About the company he walked away from. About the mother he finally cut off.
About all the ways he’s dismantled himself and rebuilt from the foundation up, brick by brick, because he loved me more than he loved the armor that was killing us both.
“He loves me more than he loves being afraid,” I say quietly.
“Yeah.” Glenn wipes his eyes with the back of his hand. “That’s exactly it.”
We sit in comfortable silence for a moment. Then Corey stirs in his chair, blinking awake, and when he sees Glenn, he doesn’t tense up or look away. He just nods, a small acknowledgment between two men who’ve learned to respect each other.
“We were just talking about you,” I say.
“All good things, I hope.”
“Mostly.” Glenn’s smile turns slightly wicked. “I was just about to tell Willow about that time you fell asleep in the bathroom at your place after we finished the second bottle of whiskey.”
“That never happened.”
“I have photos.”
“Those photos are doctored.”
“They really aren’t.”
I laugh, actually laugh, for the first time in what feels like forever, and the sound seems to fill the room, seems to push back the shadows and the fear and the memory of those four days I spent somewhere between life and death.
“I want you to be her godfather,” I say suddenly. “Both of us do. We talked about it. We want you to be part of her life. Part of our family.
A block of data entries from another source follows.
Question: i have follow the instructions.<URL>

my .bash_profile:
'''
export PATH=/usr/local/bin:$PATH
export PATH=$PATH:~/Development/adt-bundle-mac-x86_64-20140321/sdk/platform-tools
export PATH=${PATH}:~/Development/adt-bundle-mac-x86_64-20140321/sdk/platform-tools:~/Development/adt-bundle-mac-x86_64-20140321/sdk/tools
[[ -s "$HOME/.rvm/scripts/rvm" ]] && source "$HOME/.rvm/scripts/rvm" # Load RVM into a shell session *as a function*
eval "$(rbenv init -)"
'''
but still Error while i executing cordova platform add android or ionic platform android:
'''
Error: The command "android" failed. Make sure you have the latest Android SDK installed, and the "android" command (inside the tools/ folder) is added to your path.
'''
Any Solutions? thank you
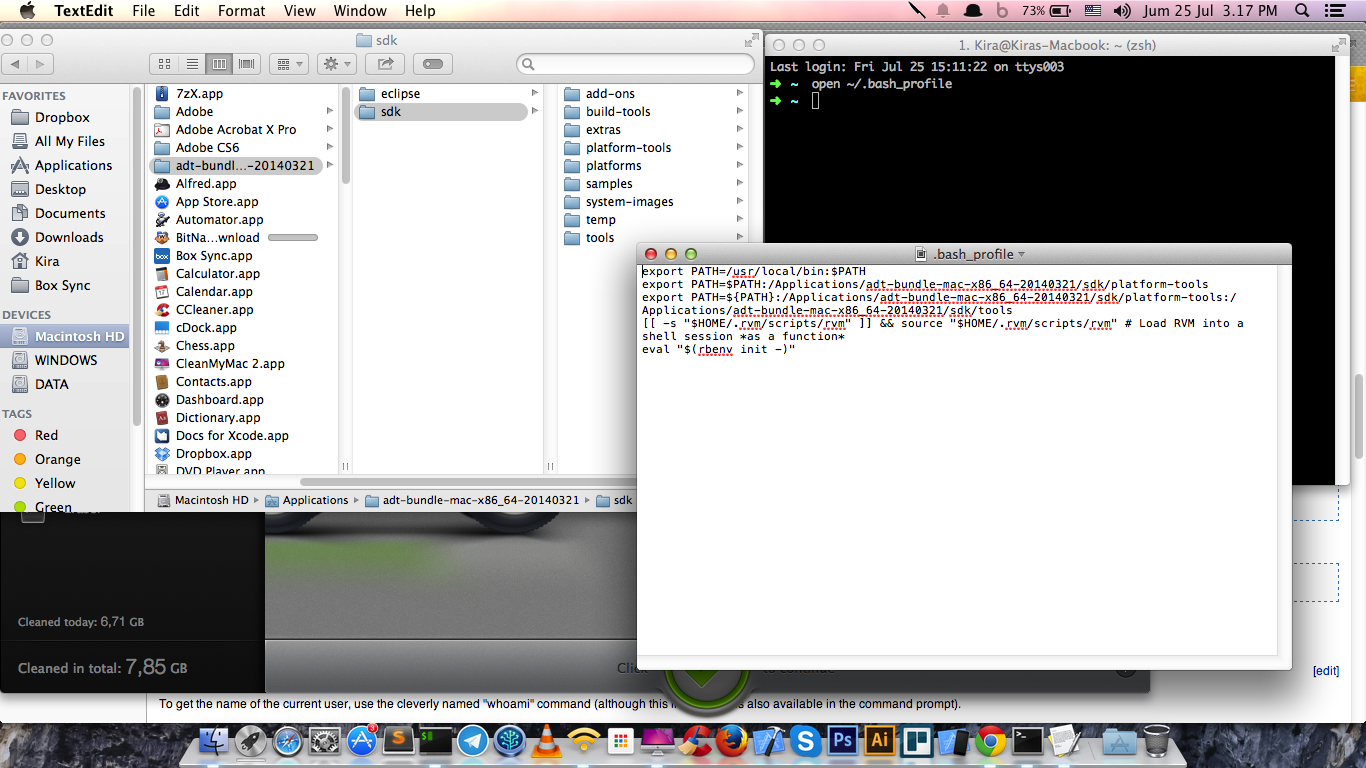
Answer: Try to run 'android' in command line. if the command is not found, it's mean that the path of android sdk that registered is still wrong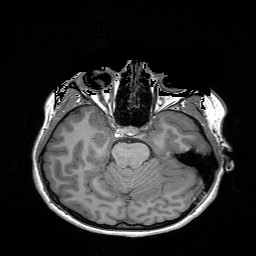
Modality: T1w
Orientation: coronal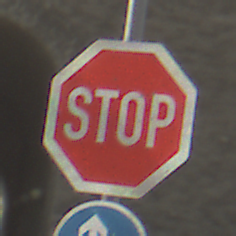
Verkehrszeichen: Stop
Zusatzzeichen unten: VorgeschriebeneFahrtrichtungGeradeausOderRechts
Umgebung: Outdoor, Suburban
Tageszeit: MorningAfternoon
Wetter: Clear
Licht: Natural
Jahreszeit: NotSpecified
Kontrast: HighContrast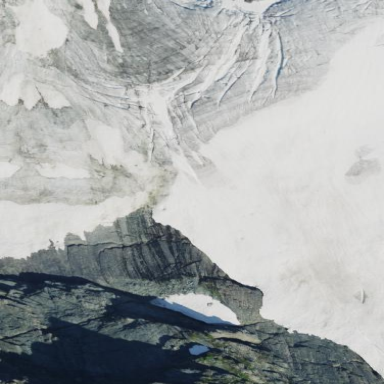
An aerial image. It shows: Majestic glacier in the distance.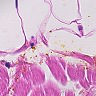
Metastatic tissue present: no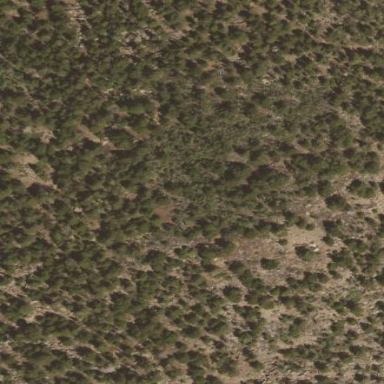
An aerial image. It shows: Area covered in scrub vegetation.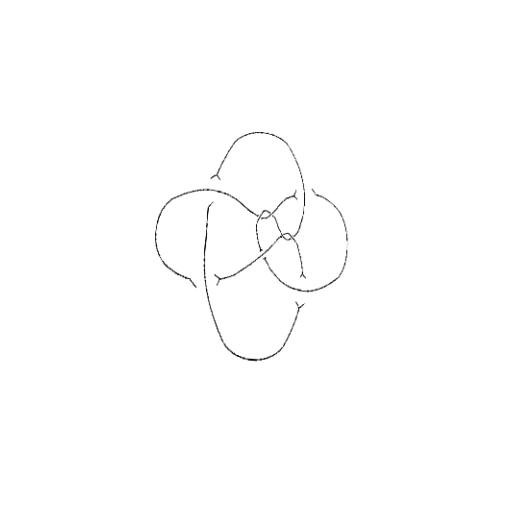
Crossing number: 9
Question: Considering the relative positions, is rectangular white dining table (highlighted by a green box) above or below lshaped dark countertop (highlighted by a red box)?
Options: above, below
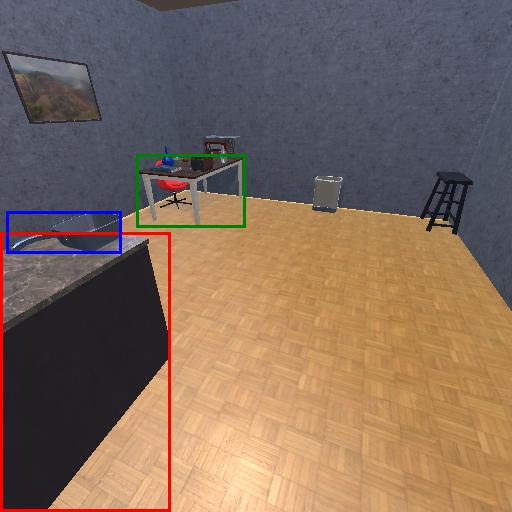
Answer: above

If that’s something you’d want.”
Glenn goes very still.
“You don’t have to…”
“We want to.” Corey’s voice is firm. “You’ve been there for Willow through everything.
You’ve been there for both of us, even when I didn’t deserve it.
And you’re…” He stops, seems to struggle for words.
“You’re a good man, Glenn. The man I want my daughter to have in her life.
So yeah. We want you to be her godfather. If you’ll have us.”
Glenn doesn’t answer right away. When he does, his voice is rough.
“What’s her name?”
“We haven’t decided on a first name yet.” I look at Corey. “But we know her middle name.”
“Jo,” Corey says quietly. “Her middle name is Jo. For John.”
Glenn’s face crumbles.
“You don’t have to…” he starts again.
“We want to.” I reach for his hand, hold it tight. “John was important to you. Which means he was important to us. And we want our daughter to carry a piece of him with her. So that he’s still part of our story.”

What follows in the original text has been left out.